Exercise goal
Which lines below contain "scree"? Copy every one of them.
━━━ Records for this exercise
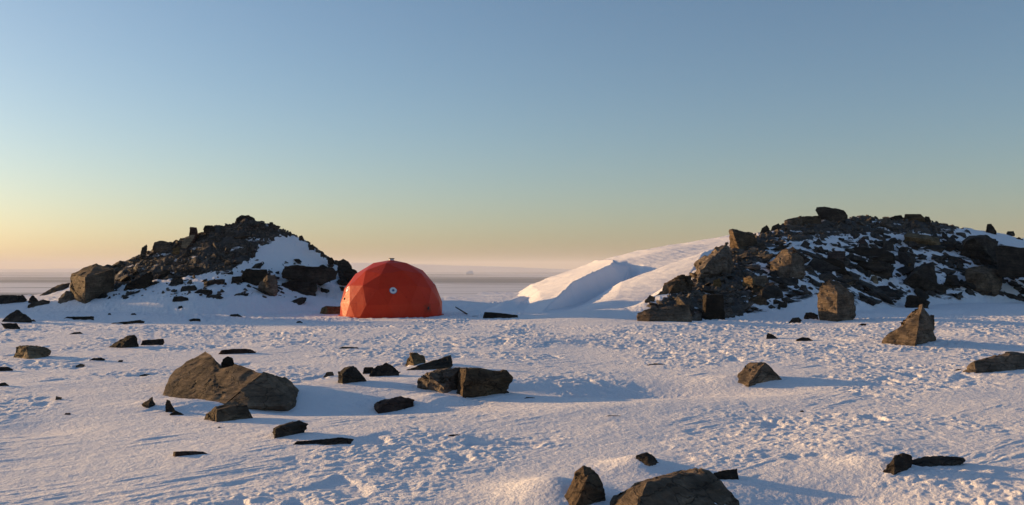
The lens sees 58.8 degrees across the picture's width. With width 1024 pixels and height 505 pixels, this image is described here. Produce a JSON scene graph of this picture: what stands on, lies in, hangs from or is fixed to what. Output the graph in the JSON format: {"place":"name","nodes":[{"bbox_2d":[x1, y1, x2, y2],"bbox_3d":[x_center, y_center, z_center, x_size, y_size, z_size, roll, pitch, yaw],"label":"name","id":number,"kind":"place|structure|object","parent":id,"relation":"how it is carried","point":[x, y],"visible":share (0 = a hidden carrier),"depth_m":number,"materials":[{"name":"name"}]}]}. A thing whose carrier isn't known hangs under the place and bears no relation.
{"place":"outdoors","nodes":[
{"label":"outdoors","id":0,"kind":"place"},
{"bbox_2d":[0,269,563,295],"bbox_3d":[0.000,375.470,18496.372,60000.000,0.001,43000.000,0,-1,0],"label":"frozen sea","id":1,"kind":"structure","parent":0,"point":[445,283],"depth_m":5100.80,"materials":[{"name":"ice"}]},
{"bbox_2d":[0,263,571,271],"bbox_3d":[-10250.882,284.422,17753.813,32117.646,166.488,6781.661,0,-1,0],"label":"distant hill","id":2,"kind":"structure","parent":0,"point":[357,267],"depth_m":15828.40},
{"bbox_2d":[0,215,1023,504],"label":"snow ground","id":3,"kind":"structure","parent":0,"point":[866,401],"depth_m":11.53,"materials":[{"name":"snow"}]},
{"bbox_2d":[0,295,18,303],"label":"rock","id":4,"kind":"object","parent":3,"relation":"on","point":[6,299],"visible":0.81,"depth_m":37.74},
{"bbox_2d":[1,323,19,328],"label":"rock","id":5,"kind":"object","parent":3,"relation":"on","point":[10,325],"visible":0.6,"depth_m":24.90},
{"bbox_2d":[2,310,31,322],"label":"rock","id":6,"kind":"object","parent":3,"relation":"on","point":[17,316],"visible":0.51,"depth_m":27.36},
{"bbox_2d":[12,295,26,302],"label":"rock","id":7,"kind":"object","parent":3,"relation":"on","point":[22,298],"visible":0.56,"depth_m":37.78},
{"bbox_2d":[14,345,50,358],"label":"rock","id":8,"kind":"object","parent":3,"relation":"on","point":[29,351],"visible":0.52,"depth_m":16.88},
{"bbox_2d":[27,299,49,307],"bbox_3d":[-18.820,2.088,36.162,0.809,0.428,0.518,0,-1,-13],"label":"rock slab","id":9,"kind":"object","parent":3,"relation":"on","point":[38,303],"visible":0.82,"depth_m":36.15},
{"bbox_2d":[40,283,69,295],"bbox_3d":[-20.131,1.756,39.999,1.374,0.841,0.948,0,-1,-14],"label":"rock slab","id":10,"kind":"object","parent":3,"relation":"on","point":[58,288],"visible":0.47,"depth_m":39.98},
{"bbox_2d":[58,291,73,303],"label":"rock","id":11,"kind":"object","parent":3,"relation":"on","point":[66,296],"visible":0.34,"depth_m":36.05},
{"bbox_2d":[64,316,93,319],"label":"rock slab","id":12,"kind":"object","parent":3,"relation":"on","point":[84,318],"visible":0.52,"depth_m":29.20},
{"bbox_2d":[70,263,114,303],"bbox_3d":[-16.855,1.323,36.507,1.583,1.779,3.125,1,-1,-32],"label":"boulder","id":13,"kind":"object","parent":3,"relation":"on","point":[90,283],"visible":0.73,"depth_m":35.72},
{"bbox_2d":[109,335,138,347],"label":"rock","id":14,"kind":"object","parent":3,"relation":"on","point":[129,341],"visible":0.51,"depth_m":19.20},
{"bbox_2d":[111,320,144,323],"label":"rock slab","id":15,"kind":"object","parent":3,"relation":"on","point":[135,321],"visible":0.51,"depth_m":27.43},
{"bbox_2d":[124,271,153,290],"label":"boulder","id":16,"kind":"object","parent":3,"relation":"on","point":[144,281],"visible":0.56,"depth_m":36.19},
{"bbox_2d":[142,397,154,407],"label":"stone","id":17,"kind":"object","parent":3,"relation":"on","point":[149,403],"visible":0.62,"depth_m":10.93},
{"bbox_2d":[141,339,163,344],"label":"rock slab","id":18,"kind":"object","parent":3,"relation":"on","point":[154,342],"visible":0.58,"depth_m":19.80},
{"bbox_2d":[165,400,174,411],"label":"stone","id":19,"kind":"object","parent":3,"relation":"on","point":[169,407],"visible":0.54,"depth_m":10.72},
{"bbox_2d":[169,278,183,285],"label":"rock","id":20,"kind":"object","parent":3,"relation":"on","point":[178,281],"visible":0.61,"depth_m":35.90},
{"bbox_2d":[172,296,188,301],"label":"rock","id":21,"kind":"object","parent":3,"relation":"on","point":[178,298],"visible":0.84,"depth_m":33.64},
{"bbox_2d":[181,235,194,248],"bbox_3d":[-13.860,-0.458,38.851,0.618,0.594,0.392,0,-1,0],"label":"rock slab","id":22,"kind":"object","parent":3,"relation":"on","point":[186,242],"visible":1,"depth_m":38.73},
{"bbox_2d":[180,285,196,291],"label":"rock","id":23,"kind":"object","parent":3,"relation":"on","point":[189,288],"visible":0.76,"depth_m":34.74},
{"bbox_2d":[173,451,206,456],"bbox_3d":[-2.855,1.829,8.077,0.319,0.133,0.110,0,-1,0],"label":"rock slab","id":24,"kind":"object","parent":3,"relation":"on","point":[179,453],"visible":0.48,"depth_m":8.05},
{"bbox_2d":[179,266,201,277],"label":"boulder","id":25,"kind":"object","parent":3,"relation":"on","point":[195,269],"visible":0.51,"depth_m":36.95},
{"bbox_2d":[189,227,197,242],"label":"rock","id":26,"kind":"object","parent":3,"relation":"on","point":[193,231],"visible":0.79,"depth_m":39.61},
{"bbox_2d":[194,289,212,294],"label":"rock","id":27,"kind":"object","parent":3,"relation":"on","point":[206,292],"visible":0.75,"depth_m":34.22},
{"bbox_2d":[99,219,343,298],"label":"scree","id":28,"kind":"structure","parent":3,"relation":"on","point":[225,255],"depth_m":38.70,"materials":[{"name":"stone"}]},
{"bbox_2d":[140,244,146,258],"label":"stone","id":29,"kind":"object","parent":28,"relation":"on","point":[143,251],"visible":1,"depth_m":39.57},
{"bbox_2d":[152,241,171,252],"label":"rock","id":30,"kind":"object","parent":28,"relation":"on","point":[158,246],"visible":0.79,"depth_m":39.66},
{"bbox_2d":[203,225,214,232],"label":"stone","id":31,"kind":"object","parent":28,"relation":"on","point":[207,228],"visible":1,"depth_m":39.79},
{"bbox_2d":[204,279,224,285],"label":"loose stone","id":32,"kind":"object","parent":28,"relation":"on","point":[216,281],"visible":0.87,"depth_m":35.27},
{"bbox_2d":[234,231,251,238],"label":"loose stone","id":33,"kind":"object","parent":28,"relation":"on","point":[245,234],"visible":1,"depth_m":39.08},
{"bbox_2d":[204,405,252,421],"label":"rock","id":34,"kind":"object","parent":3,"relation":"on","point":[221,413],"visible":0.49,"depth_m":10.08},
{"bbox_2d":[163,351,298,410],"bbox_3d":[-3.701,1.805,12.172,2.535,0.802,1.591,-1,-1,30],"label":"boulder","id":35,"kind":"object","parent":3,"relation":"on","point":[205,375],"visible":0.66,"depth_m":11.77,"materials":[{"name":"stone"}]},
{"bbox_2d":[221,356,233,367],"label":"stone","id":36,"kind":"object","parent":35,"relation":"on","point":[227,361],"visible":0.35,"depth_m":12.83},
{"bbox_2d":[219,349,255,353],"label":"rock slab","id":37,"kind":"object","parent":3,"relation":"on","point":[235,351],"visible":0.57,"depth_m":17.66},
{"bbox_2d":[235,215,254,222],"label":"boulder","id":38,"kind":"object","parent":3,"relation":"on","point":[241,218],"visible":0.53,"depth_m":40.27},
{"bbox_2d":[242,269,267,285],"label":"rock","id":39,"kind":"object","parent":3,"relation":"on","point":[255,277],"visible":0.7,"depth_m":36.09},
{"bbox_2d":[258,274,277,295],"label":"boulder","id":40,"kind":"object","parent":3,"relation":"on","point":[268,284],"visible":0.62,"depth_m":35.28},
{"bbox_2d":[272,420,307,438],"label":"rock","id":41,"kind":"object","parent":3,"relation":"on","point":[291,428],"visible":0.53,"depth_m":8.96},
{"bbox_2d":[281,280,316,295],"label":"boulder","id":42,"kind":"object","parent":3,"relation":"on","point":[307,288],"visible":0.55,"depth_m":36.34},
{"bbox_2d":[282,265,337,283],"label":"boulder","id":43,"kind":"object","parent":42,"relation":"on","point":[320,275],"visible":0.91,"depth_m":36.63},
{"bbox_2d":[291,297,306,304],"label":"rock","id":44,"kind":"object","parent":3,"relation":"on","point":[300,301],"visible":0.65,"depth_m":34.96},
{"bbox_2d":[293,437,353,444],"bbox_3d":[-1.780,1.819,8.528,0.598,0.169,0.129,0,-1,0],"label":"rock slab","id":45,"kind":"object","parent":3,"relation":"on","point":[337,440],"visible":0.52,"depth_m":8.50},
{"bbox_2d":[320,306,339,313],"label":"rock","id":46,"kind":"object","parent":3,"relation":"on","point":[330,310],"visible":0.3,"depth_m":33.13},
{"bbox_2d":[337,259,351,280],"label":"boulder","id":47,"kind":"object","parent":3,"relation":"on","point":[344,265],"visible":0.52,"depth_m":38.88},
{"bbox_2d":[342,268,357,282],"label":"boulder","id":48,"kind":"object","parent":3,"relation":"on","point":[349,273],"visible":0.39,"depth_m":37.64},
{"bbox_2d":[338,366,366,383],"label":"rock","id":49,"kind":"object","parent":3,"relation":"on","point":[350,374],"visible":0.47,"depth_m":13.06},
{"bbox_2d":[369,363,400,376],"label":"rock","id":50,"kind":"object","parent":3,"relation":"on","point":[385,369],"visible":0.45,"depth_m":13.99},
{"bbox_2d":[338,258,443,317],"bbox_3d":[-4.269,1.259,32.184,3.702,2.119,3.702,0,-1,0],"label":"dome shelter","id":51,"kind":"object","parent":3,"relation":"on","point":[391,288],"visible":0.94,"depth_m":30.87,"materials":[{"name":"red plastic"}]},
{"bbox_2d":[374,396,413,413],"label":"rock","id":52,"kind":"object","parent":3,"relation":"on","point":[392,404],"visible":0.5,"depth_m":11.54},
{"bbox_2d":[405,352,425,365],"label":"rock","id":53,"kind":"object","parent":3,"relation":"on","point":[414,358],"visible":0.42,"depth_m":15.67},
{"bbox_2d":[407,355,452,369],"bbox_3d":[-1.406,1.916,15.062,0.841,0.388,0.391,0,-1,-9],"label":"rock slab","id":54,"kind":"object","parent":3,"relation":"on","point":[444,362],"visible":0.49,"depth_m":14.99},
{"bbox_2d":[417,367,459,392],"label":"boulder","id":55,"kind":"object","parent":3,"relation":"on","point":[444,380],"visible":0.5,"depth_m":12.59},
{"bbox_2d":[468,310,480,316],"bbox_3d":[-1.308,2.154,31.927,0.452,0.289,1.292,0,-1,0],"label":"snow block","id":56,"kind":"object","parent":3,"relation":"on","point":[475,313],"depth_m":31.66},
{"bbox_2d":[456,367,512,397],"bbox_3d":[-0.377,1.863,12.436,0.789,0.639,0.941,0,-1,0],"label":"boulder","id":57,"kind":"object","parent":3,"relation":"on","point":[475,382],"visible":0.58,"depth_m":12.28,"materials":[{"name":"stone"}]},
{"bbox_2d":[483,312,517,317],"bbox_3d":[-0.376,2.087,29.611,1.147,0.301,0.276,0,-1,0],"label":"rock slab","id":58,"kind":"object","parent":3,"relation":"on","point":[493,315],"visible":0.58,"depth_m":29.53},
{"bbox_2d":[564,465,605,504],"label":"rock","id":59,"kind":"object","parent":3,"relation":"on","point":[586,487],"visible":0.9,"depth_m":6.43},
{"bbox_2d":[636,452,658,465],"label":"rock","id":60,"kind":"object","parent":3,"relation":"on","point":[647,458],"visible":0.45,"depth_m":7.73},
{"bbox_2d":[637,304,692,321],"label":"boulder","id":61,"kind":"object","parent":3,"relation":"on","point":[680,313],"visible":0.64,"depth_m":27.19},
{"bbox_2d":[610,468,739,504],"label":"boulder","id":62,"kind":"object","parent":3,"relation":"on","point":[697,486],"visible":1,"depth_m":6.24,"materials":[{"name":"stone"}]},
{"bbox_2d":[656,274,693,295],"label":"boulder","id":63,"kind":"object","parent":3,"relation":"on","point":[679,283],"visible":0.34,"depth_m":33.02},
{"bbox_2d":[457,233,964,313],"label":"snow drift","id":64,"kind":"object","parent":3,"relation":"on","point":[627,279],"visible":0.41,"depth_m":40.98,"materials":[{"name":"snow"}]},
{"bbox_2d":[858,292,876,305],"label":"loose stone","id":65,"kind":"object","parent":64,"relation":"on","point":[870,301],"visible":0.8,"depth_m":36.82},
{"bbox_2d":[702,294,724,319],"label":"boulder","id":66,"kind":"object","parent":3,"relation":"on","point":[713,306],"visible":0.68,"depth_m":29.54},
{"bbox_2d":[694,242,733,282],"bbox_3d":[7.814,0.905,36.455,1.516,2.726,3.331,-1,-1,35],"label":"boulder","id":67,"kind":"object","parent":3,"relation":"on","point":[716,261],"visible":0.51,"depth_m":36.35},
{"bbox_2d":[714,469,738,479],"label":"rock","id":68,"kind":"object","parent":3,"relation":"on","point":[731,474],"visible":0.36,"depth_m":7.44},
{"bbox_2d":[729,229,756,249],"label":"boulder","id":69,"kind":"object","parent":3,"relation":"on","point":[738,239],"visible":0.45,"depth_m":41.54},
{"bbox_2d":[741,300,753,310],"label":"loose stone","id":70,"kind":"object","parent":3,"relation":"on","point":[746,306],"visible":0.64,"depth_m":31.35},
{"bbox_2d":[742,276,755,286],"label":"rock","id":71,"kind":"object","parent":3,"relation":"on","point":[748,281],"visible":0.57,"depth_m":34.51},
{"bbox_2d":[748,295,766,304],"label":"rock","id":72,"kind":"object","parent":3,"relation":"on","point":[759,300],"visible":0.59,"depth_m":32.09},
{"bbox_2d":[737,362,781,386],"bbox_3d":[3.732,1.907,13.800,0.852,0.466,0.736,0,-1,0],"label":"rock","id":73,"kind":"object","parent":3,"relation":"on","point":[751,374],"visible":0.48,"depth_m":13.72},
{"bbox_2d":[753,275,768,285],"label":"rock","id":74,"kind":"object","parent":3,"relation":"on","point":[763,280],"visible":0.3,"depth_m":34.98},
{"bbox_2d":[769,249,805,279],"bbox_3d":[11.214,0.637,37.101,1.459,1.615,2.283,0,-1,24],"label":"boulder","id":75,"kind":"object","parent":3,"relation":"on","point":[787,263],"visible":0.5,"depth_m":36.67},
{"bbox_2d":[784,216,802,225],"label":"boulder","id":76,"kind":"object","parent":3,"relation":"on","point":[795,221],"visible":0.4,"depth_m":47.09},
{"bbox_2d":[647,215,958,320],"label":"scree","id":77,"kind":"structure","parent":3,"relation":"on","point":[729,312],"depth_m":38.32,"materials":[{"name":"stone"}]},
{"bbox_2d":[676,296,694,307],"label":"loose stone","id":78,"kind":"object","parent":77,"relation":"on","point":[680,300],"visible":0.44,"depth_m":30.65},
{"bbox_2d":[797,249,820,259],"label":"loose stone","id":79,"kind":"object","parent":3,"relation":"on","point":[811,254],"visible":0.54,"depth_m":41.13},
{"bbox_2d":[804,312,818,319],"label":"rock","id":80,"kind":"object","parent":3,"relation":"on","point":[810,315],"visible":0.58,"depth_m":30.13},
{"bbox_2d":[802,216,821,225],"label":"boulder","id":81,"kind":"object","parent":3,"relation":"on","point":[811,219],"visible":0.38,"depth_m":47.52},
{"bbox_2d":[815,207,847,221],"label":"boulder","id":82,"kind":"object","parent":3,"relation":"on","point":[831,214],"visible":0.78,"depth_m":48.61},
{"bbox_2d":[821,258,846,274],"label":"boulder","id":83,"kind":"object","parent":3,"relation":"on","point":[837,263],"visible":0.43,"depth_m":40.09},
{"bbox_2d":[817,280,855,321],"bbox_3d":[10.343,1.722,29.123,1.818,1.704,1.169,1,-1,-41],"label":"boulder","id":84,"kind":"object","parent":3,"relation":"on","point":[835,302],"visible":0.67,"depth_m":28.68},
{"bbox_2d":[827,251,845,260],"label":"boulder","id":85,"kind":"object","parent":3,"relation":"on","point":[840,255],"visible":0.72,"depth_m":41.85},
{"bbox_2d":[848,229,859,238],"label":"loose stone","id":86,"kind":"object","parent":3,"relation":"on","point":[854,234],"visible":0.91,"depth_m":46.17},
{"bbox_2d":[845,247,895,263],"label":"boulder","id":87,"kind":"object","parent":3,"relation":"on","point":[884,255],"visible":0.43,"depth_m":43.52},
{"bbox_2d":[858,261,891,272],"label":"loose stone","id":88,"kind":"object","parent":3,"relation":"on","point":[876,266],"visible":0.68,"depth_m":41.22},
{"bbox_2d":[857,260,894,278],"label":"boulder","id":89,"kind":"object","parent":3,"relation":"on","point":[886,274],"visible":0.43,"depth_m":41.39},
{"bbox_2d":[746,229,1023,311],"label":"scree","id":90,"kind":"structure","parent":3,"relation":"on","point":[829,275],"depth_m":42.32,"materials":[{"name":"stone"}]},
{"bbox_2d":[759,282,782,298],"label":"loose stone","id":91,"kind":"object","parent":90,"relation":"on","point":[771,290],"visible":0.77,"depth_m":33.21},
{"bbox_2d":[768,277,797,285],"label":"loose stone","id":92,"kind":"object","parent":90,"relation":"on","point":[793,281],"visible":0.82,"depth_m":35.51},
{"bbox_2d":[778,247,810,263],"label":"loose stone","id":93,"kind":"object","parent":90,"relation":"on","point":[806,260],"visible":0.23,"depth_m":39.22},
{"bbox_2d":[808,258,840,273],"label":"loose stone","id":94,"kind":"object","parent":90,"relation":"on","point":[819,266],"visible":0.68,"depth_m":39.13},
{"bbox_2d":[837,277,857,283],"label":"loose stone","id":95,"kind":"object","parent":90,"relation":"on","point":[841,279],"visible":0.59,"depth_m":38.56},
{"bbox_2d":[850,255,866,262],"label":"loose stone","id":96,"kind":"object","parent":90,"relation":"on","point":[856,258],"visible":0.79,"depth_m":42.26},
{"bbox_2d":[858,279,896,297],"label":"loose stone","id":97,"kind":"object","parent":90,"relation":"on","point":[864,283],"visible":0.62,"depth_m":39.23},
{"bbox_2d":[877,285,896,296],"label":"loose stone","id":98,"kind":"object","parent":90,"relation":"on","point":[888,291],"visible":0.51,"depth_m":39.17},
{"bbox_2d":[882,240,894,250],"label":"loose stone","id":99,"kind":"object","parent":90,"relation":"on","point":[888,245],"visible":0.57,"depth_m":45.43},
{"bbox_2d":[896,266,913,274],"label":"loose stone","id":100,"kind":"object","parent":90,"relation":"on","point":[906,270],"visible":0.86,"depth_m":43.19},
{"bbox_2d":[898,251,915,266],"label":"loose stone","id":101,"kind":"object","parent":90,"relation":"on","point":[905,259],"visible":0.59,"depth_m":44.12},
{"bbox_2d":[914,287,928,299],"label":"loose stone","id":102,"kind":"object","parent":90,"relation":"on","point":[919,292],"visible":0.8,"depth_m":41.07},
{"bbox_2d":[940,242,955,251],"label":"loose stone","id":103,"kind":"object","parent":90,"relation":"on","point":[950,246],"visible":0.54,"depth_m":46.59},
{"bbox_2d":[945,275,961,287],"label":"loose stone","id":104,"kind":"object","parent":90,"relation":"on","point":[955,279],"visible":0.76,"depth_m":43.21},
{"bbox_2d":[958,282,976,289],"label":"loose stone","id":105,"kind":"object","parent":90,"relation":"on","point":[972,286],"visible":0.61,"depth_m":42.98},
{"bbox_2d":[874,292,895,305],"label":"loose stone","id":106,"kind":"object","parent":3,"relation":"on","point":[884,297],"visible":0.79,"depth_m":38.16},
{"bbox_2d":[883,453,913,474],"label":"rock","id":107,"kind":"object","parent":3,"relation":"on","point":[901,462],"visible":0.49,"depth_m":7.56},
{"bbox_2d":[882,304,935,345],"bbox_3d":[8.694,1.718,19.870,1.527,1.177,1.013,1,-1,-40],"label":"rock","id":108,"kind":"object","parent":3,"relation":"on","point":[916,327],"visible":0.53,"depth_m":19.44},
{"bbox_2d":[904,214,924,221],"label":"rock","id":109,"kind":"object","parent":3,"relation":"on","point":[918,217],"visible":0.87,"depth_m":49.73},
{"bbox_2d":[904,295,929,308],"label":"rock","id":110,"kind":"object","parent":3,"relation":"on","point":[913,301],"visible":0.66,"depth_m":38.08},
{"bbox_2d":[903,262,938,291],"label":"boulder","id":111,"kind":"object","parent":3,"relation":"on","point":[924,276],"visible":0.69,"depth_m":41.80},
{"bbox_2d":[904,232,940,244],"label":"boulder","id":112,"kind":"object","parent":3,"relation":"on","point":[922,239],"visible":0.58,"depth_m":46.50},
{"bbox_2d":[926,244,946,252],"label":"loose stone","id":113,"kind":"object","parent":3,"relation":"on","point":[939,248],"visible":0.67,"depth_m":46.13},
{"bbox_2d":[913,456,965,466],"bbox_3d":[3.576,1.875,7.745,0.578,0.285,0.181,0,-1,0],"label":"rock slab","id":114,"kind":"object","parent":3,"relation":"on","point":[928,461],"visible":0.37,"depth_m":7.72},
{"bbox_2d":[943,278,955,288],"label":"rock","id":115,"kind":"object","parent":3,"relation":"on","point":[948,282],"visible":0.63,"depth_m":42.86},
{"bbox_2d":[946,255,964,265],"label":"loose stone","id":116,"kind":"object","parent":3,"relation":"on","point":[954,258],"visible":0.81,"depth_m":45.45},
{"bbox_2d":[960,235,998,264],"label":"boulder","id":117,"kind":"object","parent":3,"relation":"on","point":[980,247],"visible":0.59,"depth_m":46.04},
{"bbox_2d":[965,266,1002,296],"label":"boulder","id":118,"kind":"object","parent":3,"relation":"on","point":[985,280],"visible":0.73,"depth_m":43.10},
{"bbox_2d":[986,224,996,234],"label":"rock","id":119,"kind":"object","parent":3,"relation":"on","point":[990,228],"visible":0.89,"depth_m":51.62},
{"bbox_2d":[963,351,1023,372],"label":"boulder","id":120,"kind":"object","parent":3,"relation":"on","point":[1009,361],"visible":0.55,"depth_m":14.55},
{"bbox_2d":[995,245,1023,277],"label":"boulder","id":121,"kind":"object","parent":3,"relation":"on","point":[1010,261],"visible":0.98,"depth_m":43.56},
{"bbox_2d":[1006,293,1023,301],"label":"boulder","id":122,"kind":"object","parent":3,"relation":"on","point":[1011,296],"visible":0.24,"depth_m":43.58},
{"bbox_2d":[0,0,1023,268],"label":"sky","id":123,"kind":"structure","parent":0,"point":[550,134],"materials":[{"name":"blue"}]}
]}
━━━━━━
Answer to this task
{"bbox_2d":[99,219,343,298],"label":"scree","id":28,"kind":"structure","parent":3,"relation":"on","point":[225,255],"depth_m":38.70,"materials":[{"name":"stone"}]},
{"bbox_2d":[647,215,958,320],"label":"scree","id":77,"kind":"structure","parent":3,"relation":"on","point":[729,312],"depth_m":38.32,"materials":[{"name":"stone"}]},
{"bbox_2d":[746,229,1023,311],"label":"scree","id":90,"kind":"structure","parent":3,"relation":"on","point":[829,275],"depth_m":42.32,"materials":[{"name":"stone"}]},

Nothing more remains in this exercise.